Narcotics racket

Narcotics racket

It is difficult to estimate exactly how much wealth narcotics trafficking adds to the coffers of the American Mafia. But narcotics profits, alone, guarantee the organization’s enduring wealth and power. And these profits are regarded as the real source of funds for buying the Mafia’s political and police protection.

J. Edgar Hoover can legitimately be faulted for failing to go after the Mafia and organized crime, but his dogged efforts to keep the FBI out of narcotics investigations is strangely logical. He wanted to keep the reputation of the FBI simon-pure, something he knew would be impossible because corruption and bribery was virtually inevitable in policing the narcotics field.

According to a recent government estimate, the average heroin junkie needs about 50 milligrams of the drug each day to satisfy his cravings. Figuring the average cost at $65 a day, a habit costs $24,000 a year. Many experts consider such figures as much too conservative. But using those figures for a minimum 100,000 hardcore addicts, also a conservative figure, the heroin racket adds up to at least a $2.5 billion business. Add to this the massive trade in marijuana (with at least 10 million regular pot users) and cocaine (considered “safer” than heroin by most users) and the total dollar figure in the narcotics business is clearly staggering.

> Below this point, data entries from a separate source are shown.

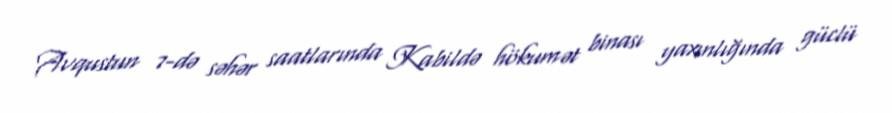
Avqustun 7-də səhər saatlarında Kabildə hökumət binası yaxınlığında güclü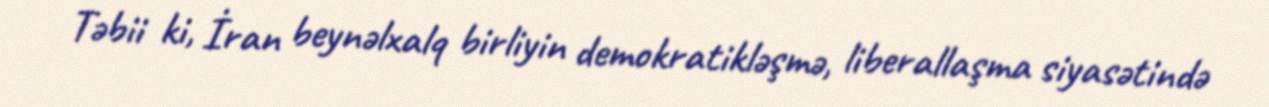
Təbii ki, İran beynəlxalq birliyin demokratikləşmə, liberallaşma siyasətində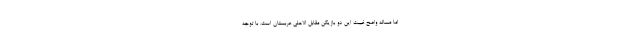
اما مساله واضح غیبت این دو بازیکن مقابل الاهلی عربستان است. با توجه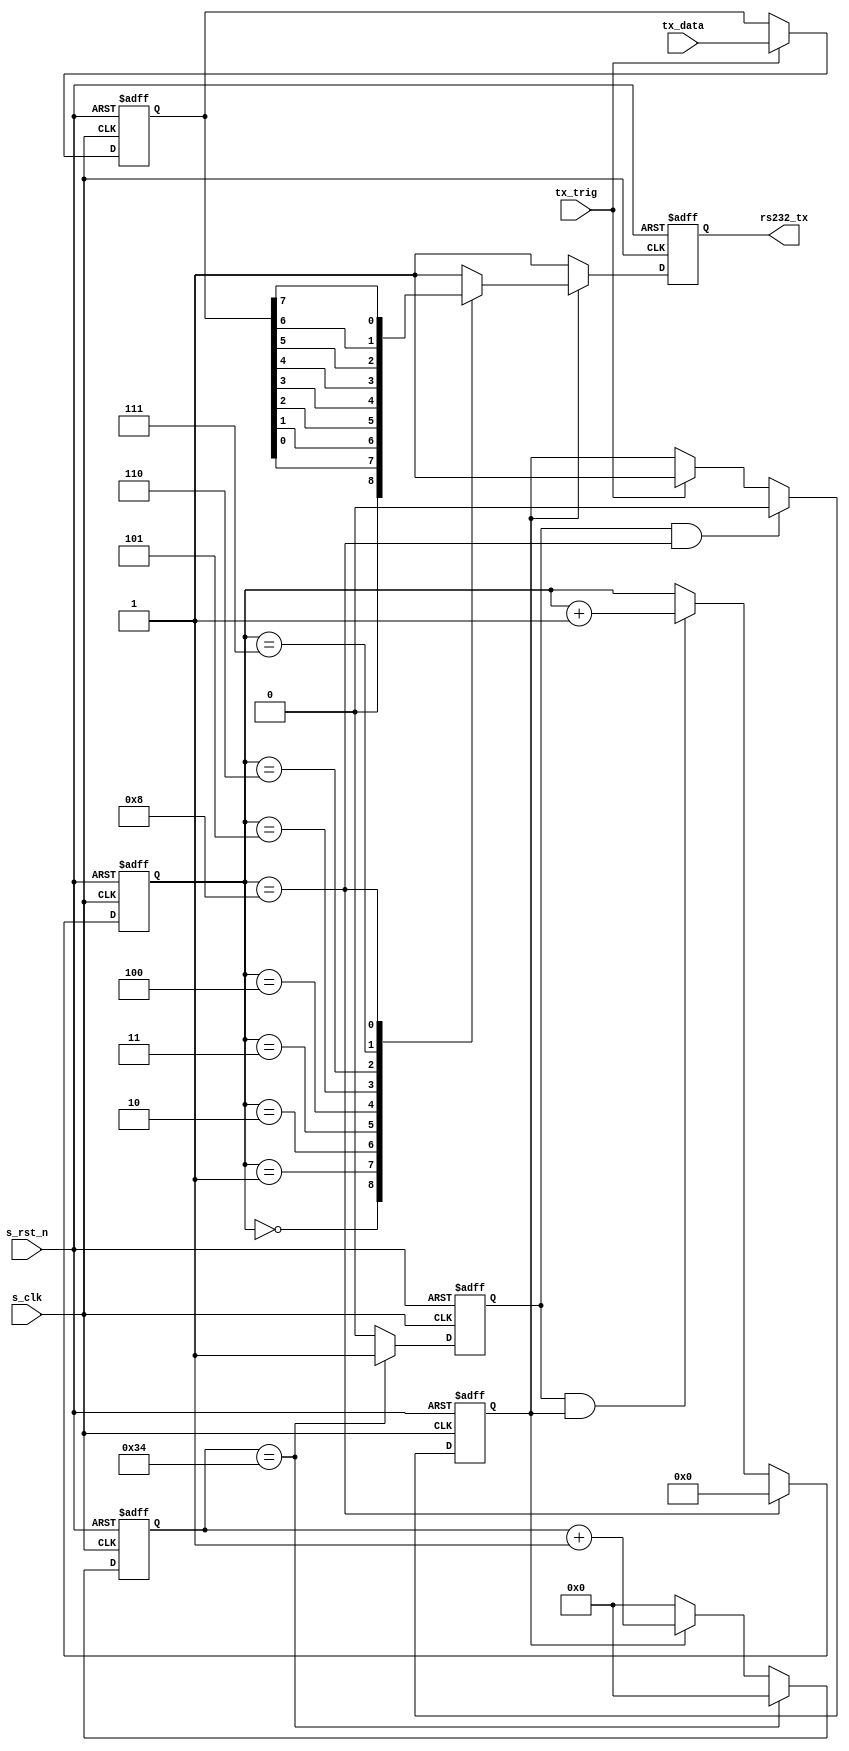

Of course, the cost to the narcotics dealers is penny ante compared to the rewards. By the 1970s, it was said that the return on capital invested made drug smuggling the most prosperous industry in the world. In 1960, a kilo of heroin was obtainable in Marseilles, France, where it was manufactured from morphine base, for about $2,500.

In New York, it brought $6,000 a kilo wholesale—and over $600,000 on the street. By 1980, a kilo of grade four heroin cost about $12,000 from the supplier and brought a quarter of a million dollars in New York at wholesale prices. Cut with quinine and milk sugar, the heroin sold for several million dollars at street prices. No legitimate business, even Arab cartel oil, could come close to that.

This bottom-line figure made it obvious that the Mafia’s so-called No Narcotics Rule was sheer nonsense. No criminal organization that accepts the murder of human beings as a routine part of business could pass up such profits on the grounds of “honor” and “morality.” Mafia leaders who attempted to proscribe narcotics dealing were either lying or deluding themselves. There was and is no way to keep their criminals out of crime’s most lucrative business.